First, we will plot the functional box plot of the square-root transformed spatial statistics functions (Sun and Genton 2011).
Code
metricRes$ID <- with(metricRes, paste(sep="x",
patient_stage, patient_id, image_name))
# removing field of views that have as a curve only zeros;
# these are cases where there are no cells of one type
metricRes <- metricRes %>%
dplyr::group_by(ID) %>%
dplyr::filter(sum(rs) >= 1)
# sqrt transform response
metricRes$rs <- sqrt(metricRes$rs)
collector <- plotFbPlot(metricRes, "r", "rs", "patient_stage")

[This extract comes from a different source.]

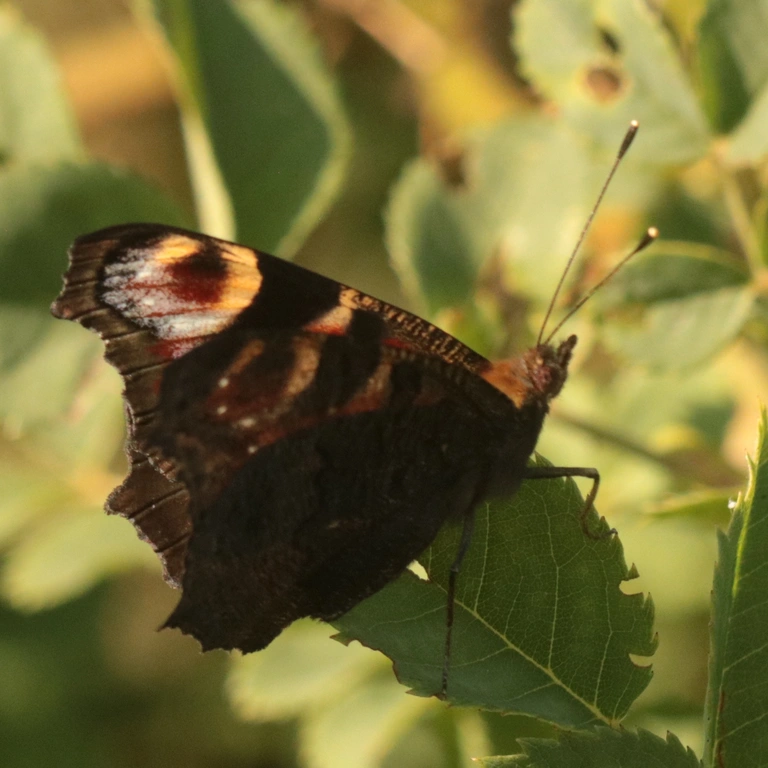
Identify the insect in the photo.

The black line indicates the median curve, the purple region is the 50% central region, and the red lines indicate outliers.

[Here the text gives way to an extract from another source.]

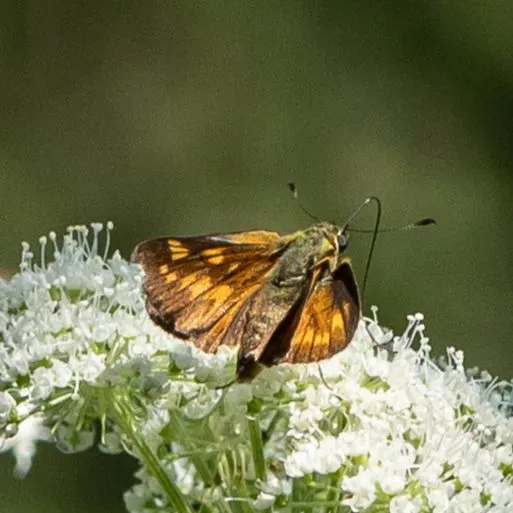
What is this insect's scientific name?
Ochlodes sylvanus (also Ochlodes venata)

From these plots, we note that the functions from ‘Onset’ patients seem to qualitatively have a higher median curve than those from ‘Non-diabetic’ or ‘Long-duration’ patients.
Another exploratory technique is functional PCA (FPCA). FPCA is similar to standard PCA in that it decomposes the functional data into the main modes of variation. Here, we decompose into eigenfunctions (Goldsmith et al. 2024).
Code
# filter out all rows that have a constant zero part - all r < 10
metricRes <- metricRes %>% filter(r > 10)

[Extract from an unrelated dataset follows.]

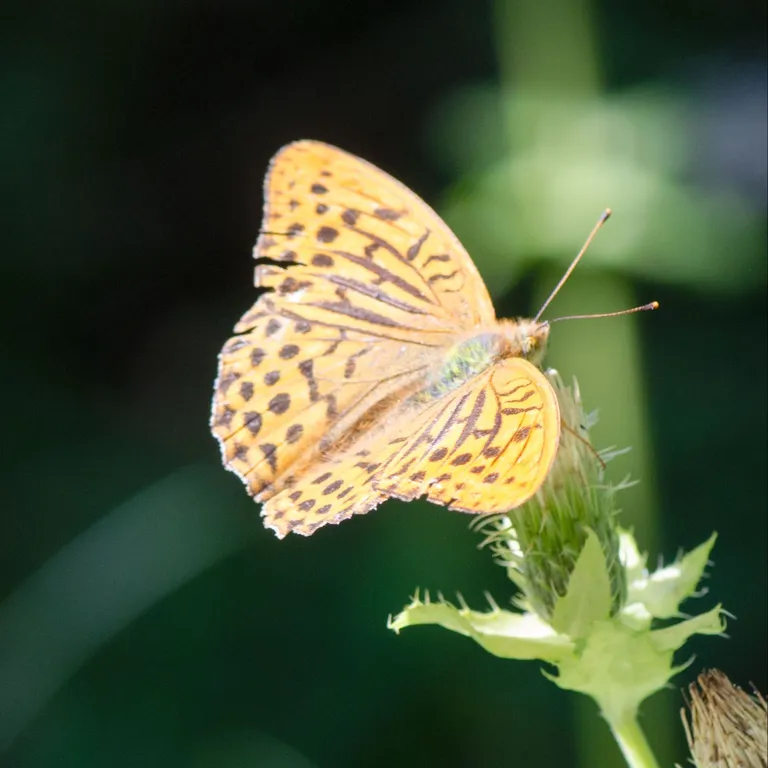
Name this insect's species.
Argynnis paphia

# prepare data frame from calcMetricRes to be in the correct format for pffr
dat <- prepData(metricRes, "r", "rs")
# create meta info of the IDs
splitData <- dat$ID %>%
str_replace("-","_") %>%
str_split_fixed("x", 3) %>%
data.frame(stringsAsFactors = TRUE) %>%
setNames(c("condition", "patient_id", "imageId")) %>%
mutate(condition = relevel(condition,"Non_diabetic"))
dat <- cbind(dat, splitData)
# drop rows with NA
dat <- dat |> drop_na()
# calculate the fPCA
pca <- functionalPCA(dat = dat, r = unique(metricRes$r), pve = 0.995)
evalues <- pca$evalues
efunctions <- pca$efunctions
plotFpca(dat = dat, res = pca, colourby = "condition") +
labs(color = "condition")
From the FPCA, we note that the variability in curves from ‘Onset’ patients is larger than the other two groups.
Next, we will show how FDA techniques can be used to make inferences from the functional spatial summaries. We use a generalized additive mixed model with a functional response (Scheipl, Staicu, and Greven 2015; Scheipl, Gertheiss, and Greven 2016; Goldsmith et al. 2024). In such models, some parameters are functional and some are constants (see below).
Code
# create design matrix
mm <- model.matrix(~ condition, data = dat)
colnames(mm)[1] <- "Intercept"
head(mm)
## Intercept conditionLong_duration conditionOnset
## 1 1 1 0
## 2 1 1 0
## 3 1 1 0
## 4 1 1 0
## 5 1 1 0
## 6 1 1 0
Code
r <- unique(metricRes$r)
# fit the model
mdl <- functionalGam(
data = dat, x = r,
designmat = mm, weights = dat$npoints,
formula = formula(Y ~ 1 + conditionLong_duration +
conditionOnset + s(patient_id, bs = "re")),
family = mgcv::scat(link = "log"),
algorithm = "gam"
)
summary(mdl)
##
## Family: Scaled t(3.692,0.098)
## Link function: log
##
## Formula:
## Y ~ 1 + conditionLong_duration + conditionOnset + s(patient_id,
## bs = "re")
##
## Constant coefficients:
## Estimate Std. Error z value Pr(>|z|)
## (Intercept) -1.523 0.169 -9.013 <2e-16 ***
## ---
## Signif. codes: 0 '***' 0.001 '**' 0.01 '*' 0.05 '.' 0.1 ' ' 1
##
## Smooth terms & functional coefficients:
## edf Ref.df Chi.sq p-value
## Intercept(x) 15.78 19.000 611.095 < 2e-16 ***
## conditionLong_duration(x) 1.00 1.000 0.067 0.796154
## conditionOnset(x) 2.76 2.926 20.457 0.000316 ***
## s(patient_id) 12.64 27.000 844.721 < 2e-16 ***
## ---
## Signif. codes: 0 '***' 0.001 '**' 0.01 '*' 0.05 '.' 0.1 ' ' 1
##
## R-sq.(adj) = 0.675 Deviance explained = 57.9%
## -REML score = -7849 Scale est. = 1 n = 12720 (318 x 40)
## using seWithMean for s(x.vec) .
## using seWithMean for s(x.vec) .
## using seWithMean for s(x.vec) .
Code
patchwork::wrap_plots(plotLs, nrow = 3, axes = "collect")
With the functional GAM, we see not only the effect (e.g., increased colocalization of alpha and cytotoxic T cells in ‘Onset’ patients compared to ‘Non-diabetic’ paitents) but also the strength of the effect at each scale.
The Q-Q plot indicates a reasonable model fit, although not perfect.